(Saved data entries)
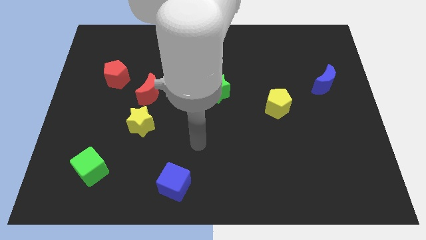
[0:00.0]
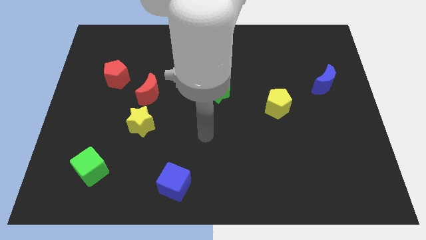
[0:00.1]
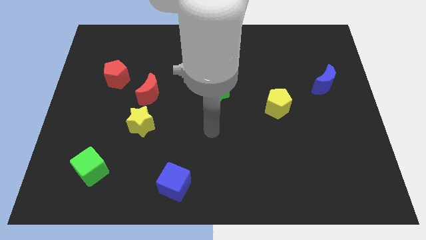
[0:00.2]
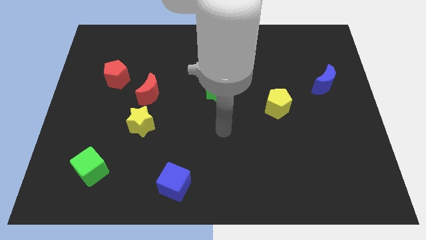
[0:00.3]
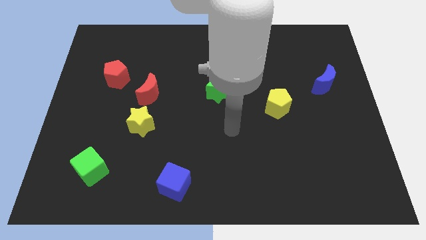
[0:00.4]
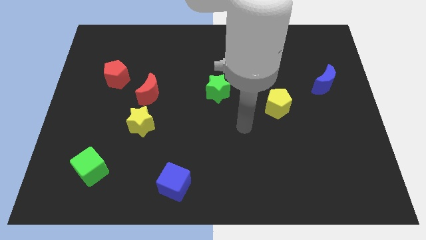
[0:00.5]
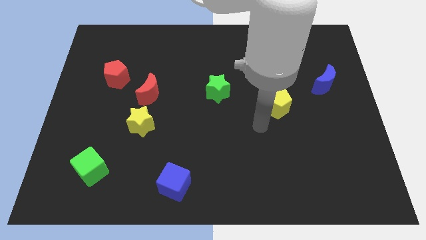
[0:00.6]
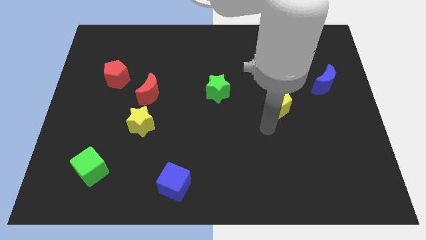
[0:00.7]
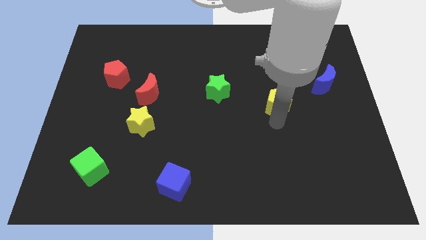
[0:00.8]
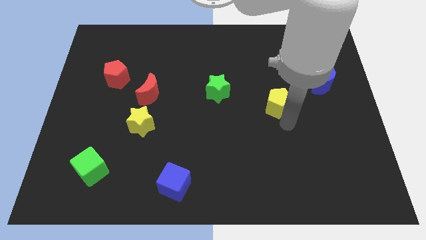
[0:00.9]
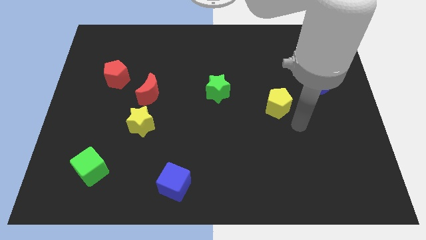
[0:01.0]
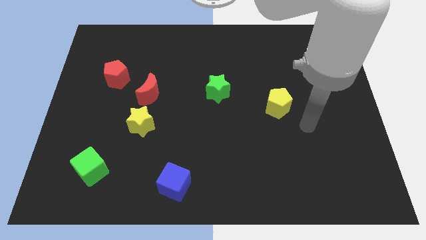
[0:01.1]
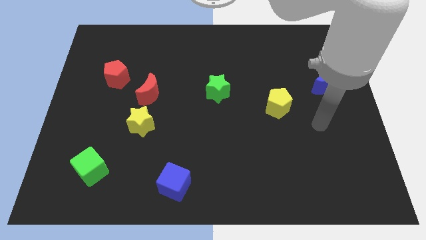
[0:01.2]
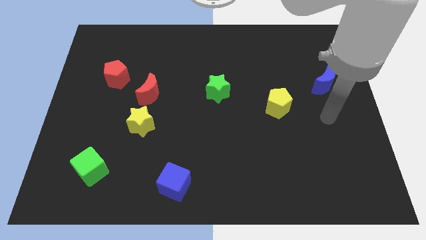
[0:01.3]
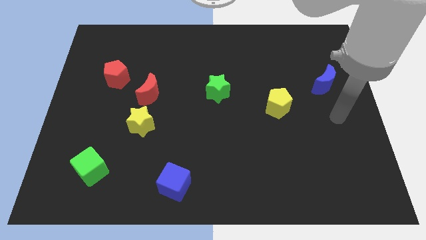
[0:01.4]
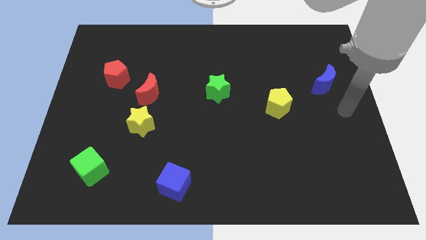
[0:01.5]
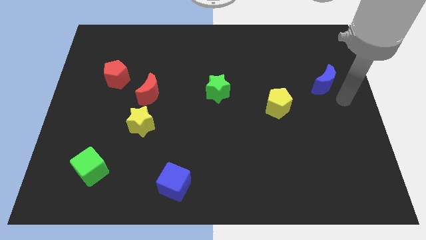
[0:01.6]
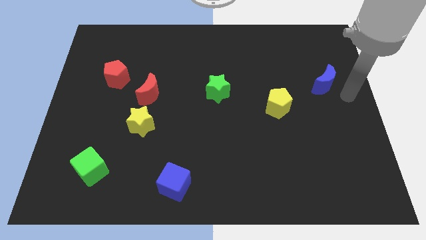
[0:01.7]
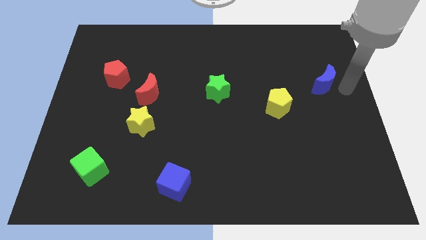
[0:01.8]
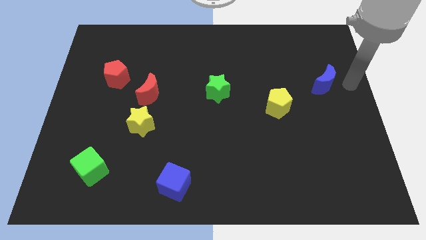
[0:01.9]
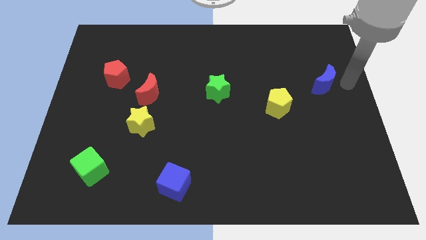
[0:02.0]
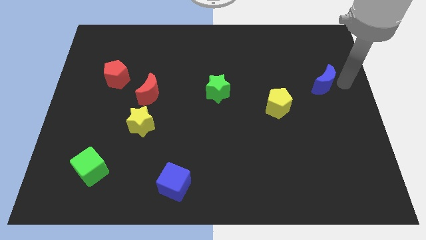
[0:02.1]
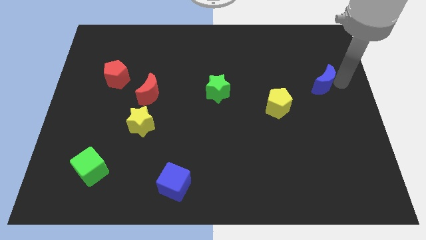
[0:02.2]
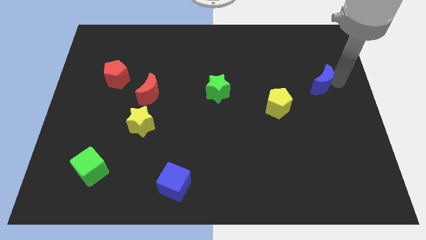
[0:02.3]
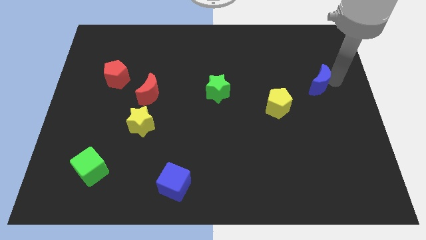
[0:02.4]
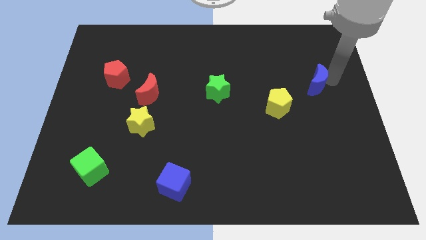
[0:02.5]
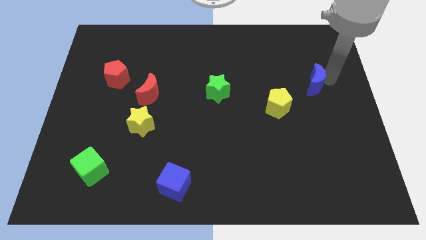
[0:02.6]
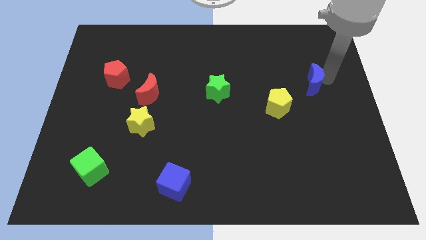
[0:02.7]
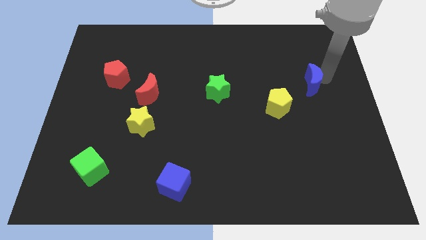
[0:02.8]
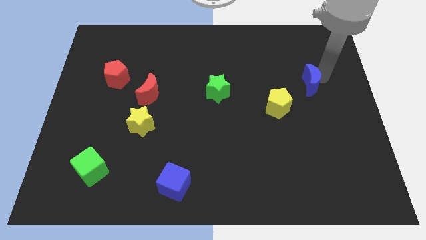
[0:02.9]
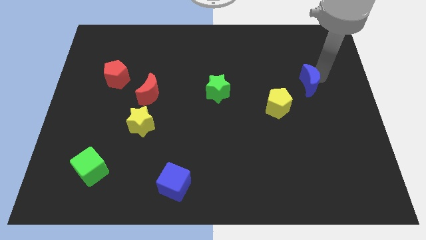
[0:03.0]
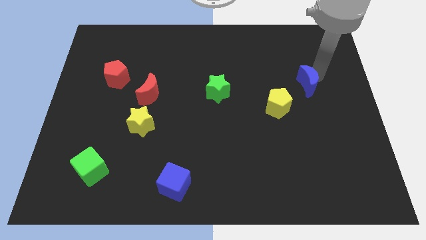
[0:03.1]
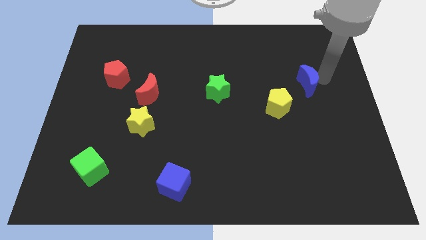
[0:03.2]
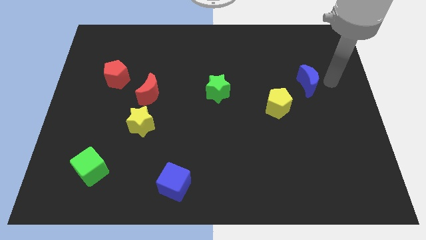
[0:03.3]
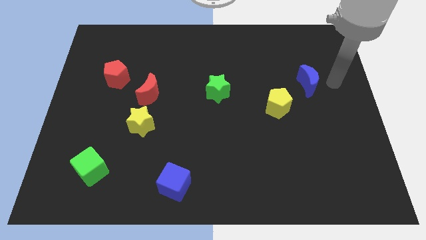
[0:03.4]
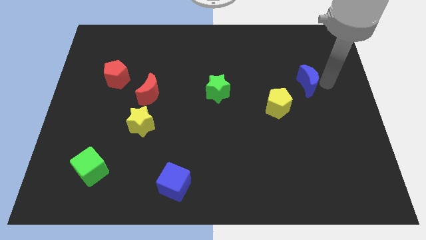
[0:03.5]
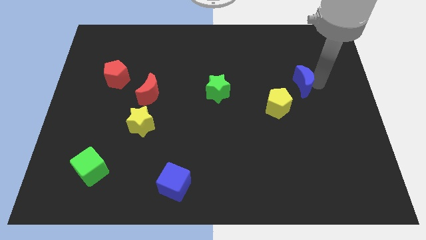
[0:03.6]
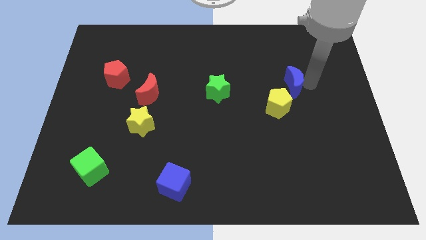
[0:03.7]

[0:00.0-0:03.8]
move the blue moon somewhat to the left

## WORK TASK:
Output the records exactly. Drop the images.

## WRITTEN REPLY:
[0:00.0]
[0:00.1]
[0:00.2]
[0:00.3]
[0:00.4]
[0:00.5]
[0:00.6]
[0:00.7]
[0:00.8]
[0:00.9]
[0:01.0]
[0:01.1]
[0:01.2]
[0:01.3]
[0:01.4]
[0:01.5]
[0:01.6]
[0:01.7]
[0:01.8]
[0:01.9]
[0:02.0]
[0:02.1]
[0:02.2]
[0:02.3]
[0:02.4]
[0:02.5]
[0:02.6]
[0:02.7]
[0:02.8]
[0:02.9]
[0:03.0]
[0:03.1]
[0:03.2]
[0:03.3]
[0:03.4]
[0:03.5]
[0:03.6]
[0:03.7]

[0:00.0-0:03.8]
move the blue moon somewhat to the left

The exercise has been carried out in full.